We get help from attendant to purchase tickets on the light rail transit that runs through the suburbs and stops every couple of blocks. This is nothing like the gorgeous downtown area with medieval stone buildings and fantastic blue tile mosaics. Instead, developers have decided to build nearly identical five and six story apartment buildings that provide the modern living space in which most people seem to live in this city. It would be Portugal's equivalent to the suburbs that surround our North American cities. 

Len  (me) heading across bridge at beginning of ourx el Camino
As we exit the station in Matasinhos, we see no sign of the ocean. We do spot a couple of girls sporting backpacks, one dressed all in camo wearing calf-height army boots. That's different, I say to Nicola, but I bet she's doing the El Camino. So, we follow her onto a bridge over an estuary that blocks the northern coastline from the city of Porto. Once over, we turn left and spot an El Camino station. It's the office of tourist information, a modern building with large glass windows overlooking the beach 

We pull out our pilgrim passports that Nicola ordered in Canada. They're necessary for those wanting to stay in hostels called albergues available to perigrinos (pilgrims) as they make their way to the destination of their pilgrimage, Santiago de Compostela. The el Camino is Called The Way of St. James, in English because the cathedral in Santiago de Compostela, contains the remains of the apostle. Pilgrims have been making the journey through the Pyrenees since the 11th Century. Queen Isabel made the pilgrimage from Lisbon during her reign between 1271 and 1336. The coastal route that we're following is more recent joining the original trail as it approaches its destination. 

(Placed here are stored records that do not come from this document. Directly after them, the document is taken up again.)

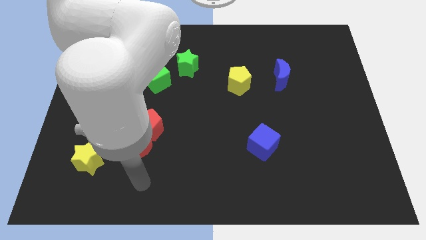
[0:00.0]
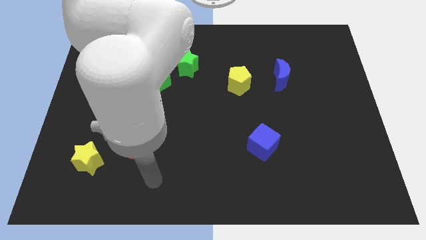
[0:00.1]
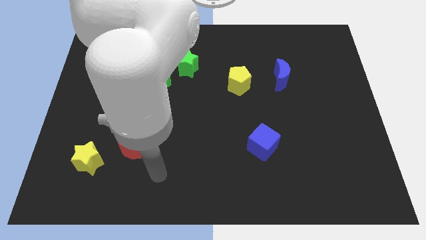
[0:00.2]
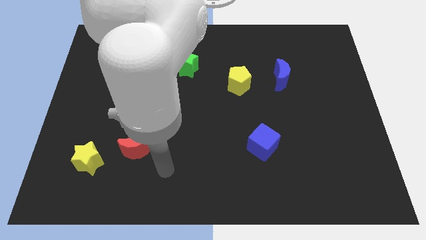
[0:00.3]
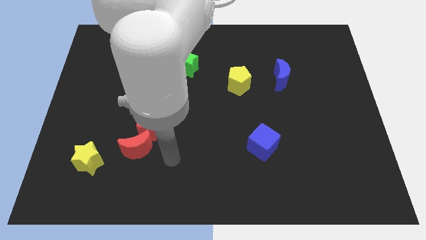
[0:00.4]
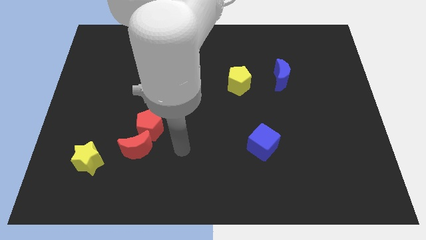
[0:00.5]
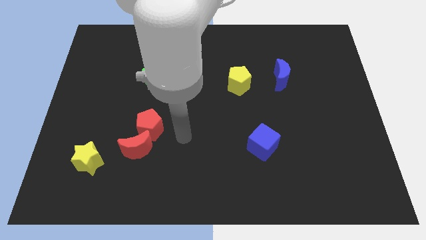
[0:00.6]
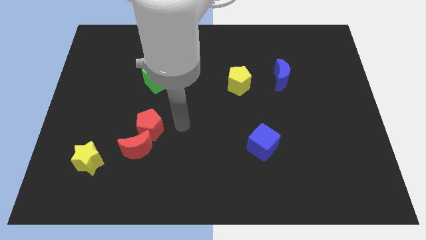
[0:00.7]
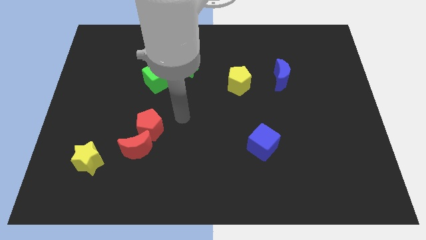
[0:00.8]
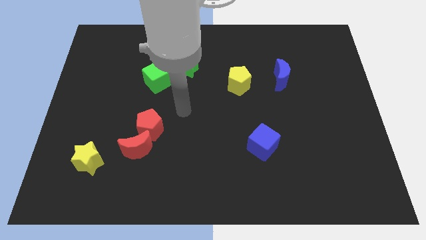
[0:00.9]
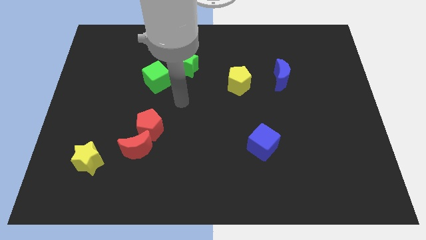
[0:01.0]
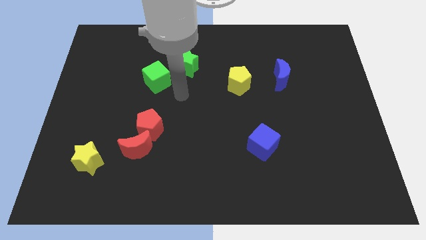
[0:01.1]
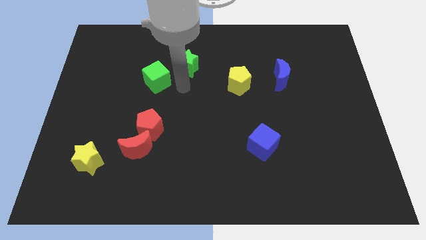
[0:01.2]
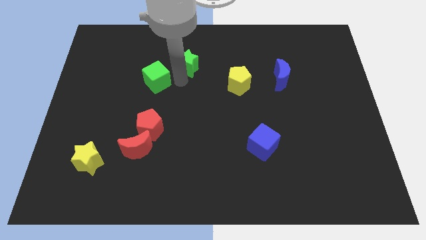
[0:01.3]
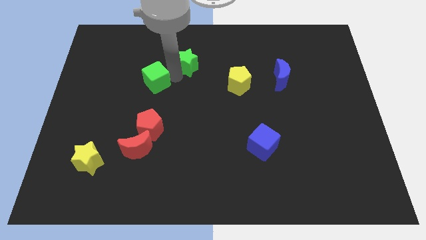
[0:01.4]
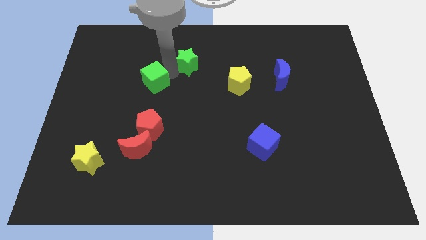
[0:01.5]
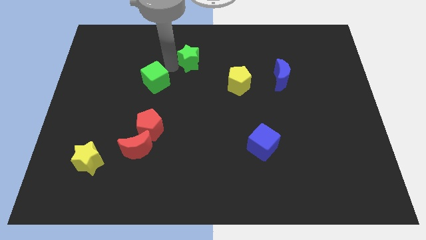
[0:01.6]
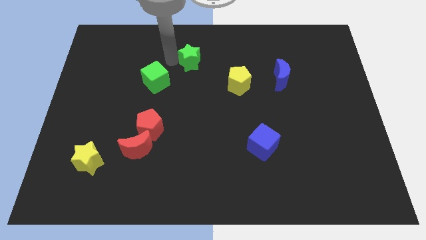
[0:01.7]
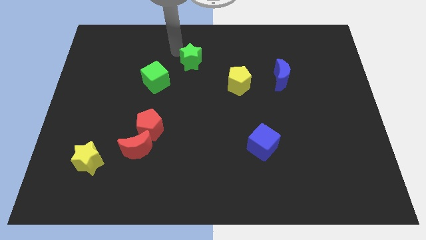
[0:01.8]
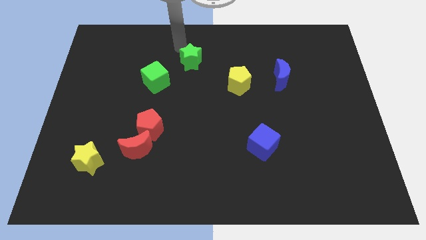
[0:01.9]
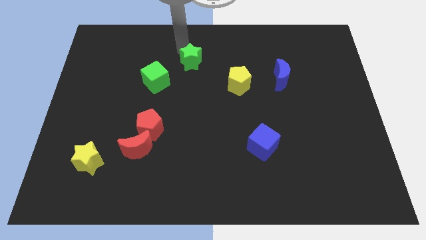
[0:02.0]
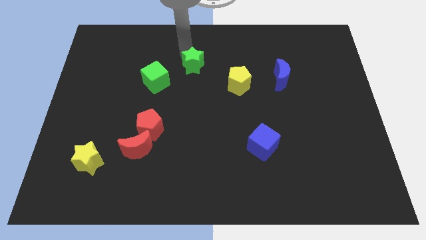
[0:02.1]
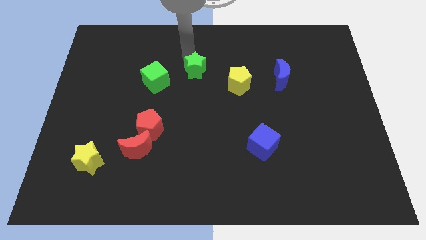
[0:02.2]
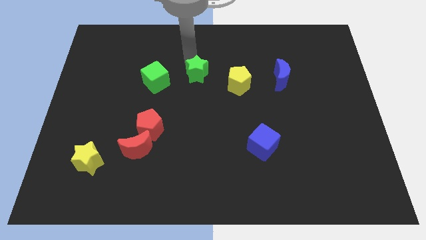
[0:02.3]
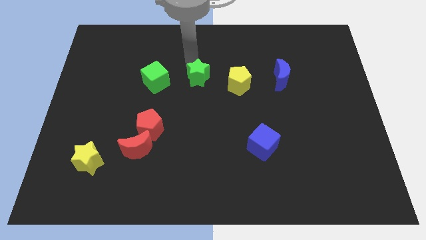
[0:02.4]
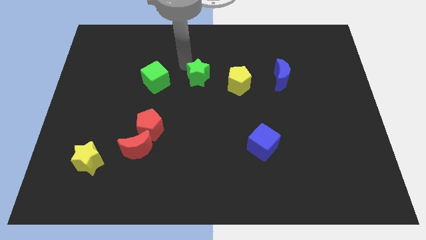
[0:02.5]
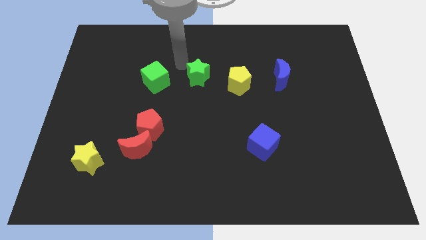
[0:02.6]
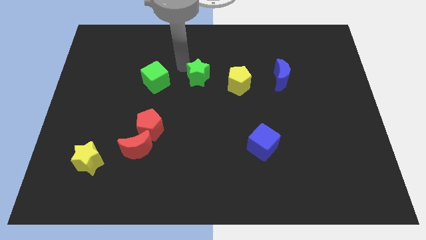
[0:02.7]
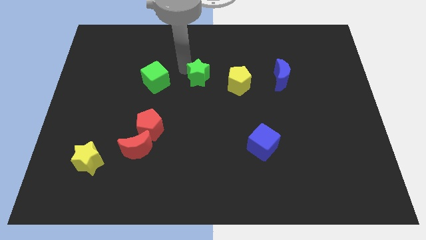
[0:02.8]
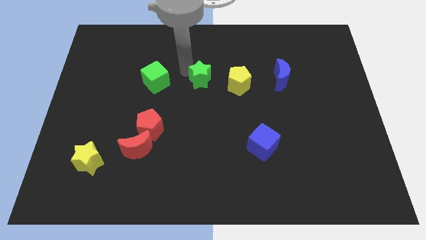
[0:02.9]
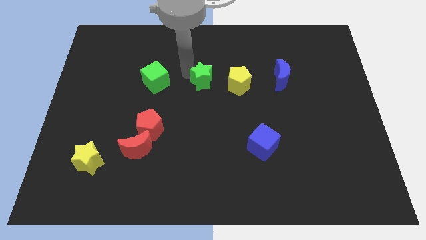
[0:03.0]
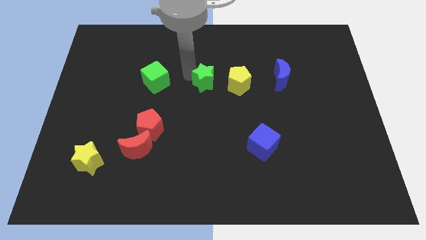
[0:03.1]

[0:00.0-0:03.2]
push the green star downwards and then right a bit

Passports provide proof that a pilgrim has completed the el Camino or a portion thereof  and is thereby eligible for a certificate. Eligibility for a certificate depends on walking at least 100 kilometres of the camino to reach Santiago de Compostela. 
                                                   
Nicola along the boardwalk
Finding the coastal board walk is not difficult because it's right across the street from the tourist information office. Now, all we have to is walk the 24 kilometres to Vila do Condo. 

We're in high spirits as we begin our trek.  Waves crash on the beach of fine, beige sand that extends as far as the eye can see broken only occasionally by rocky outcrops. Nicola comments that the swimming and surfing will be great later in the season as the air and water get warmer. Being April, the flowers are blooming and amazing. Nicola particularly likes the bright red and yellow rubbery flowers of the Cape Fig.  These plants hug the sand as protection from the wind that blasted off the water. It spreads vine-like along the surface feeling its way for possible sources of nutrients.

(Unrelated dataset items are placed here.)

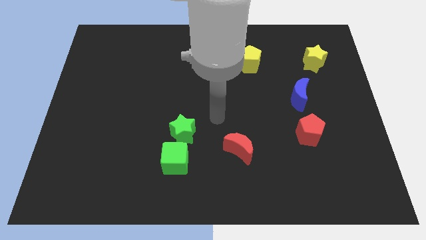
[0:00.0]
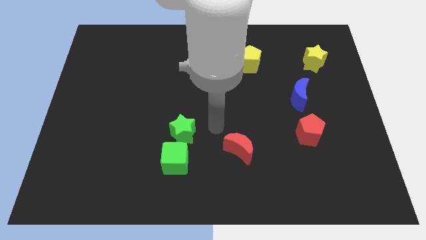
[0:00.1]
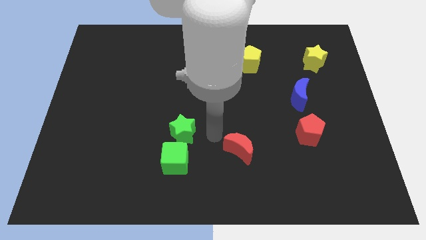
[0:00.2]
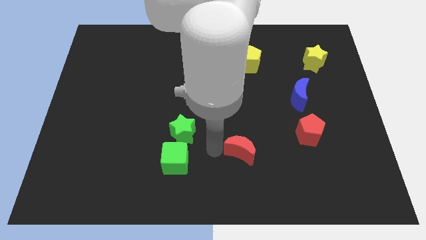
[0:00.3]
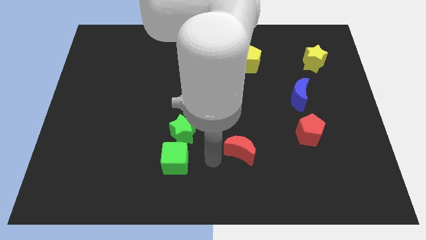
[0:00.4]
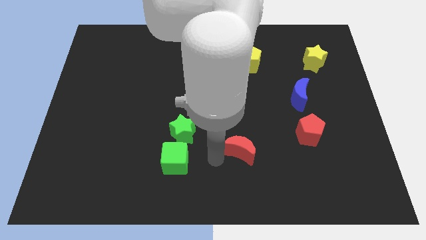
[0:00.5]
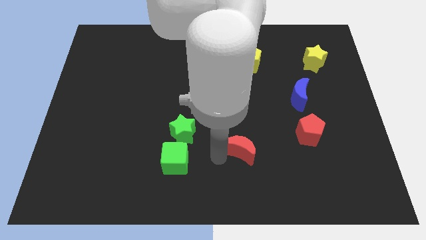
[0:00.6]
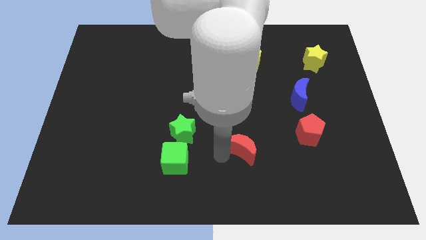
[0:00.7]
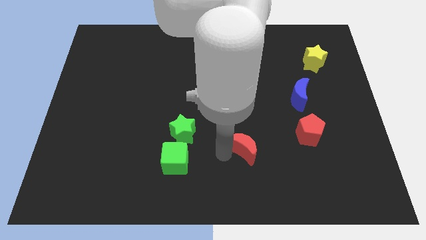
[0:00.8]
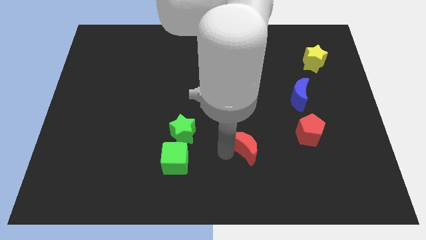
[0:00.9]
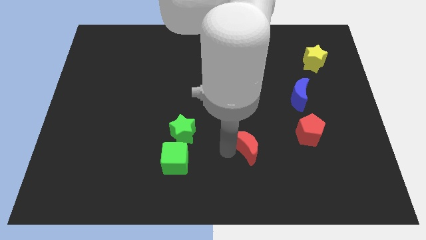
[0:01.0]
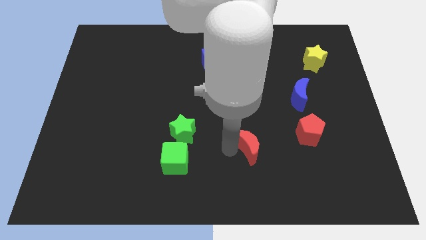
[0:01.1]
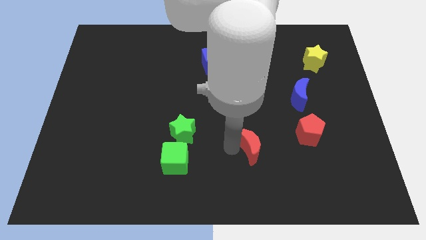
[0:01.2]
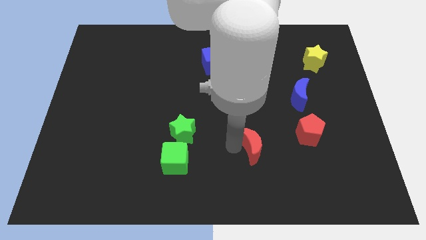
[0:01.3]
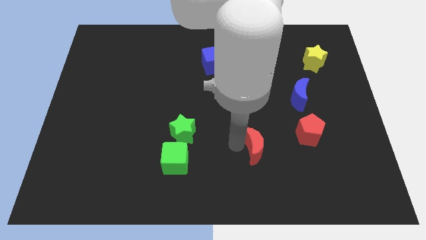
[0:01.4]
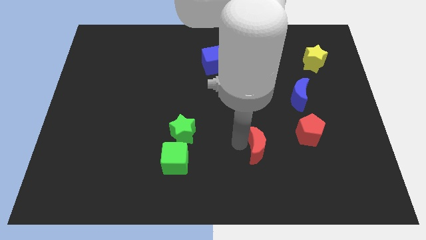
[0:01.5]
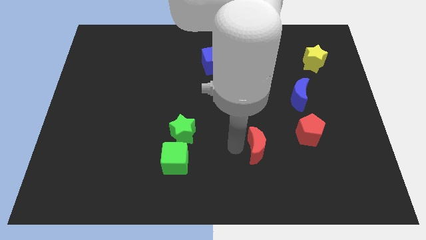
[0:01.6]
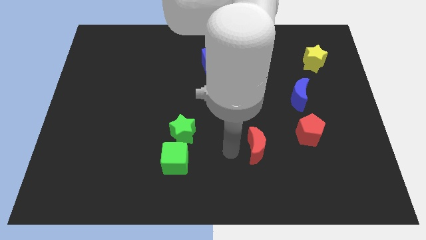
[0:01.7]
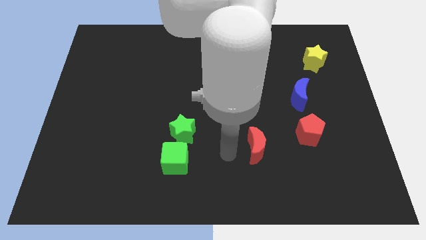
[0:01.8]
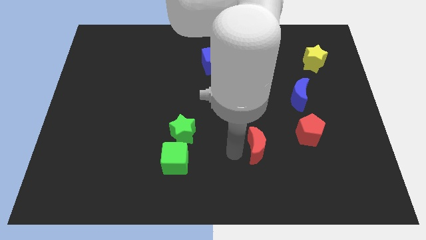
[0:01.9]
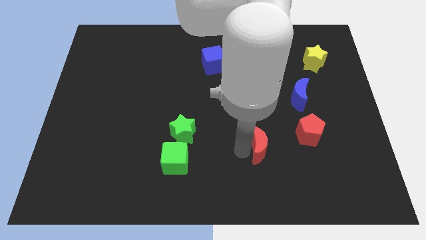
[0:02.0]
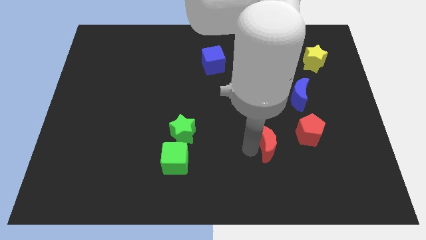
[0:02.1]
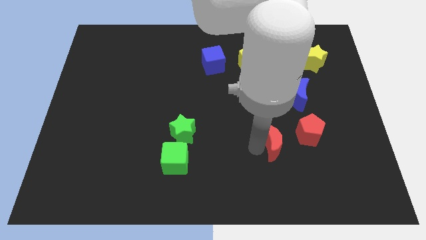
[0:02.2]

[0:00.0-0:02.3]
push the red moon to the right slightly

A huge oil refinery looms across the road  It's dirty and ugly with pipes leading everywhere emitting exhaust into the crystal blue sky and so big it takes us about hour to walk pass. I remind myself that it would also be a prime source of employment in the area. 

An older guy flashes by at a sprightly pace and wishes us our first “bon Camino." Not long after, as we pass the Obelisk de Memorial, we make way for a young couple who give us the same “bon Camino” greeting. I respond with a shy version of my own. Nicola says nothing. We have yet to feel the communal spirit of those who share the trail.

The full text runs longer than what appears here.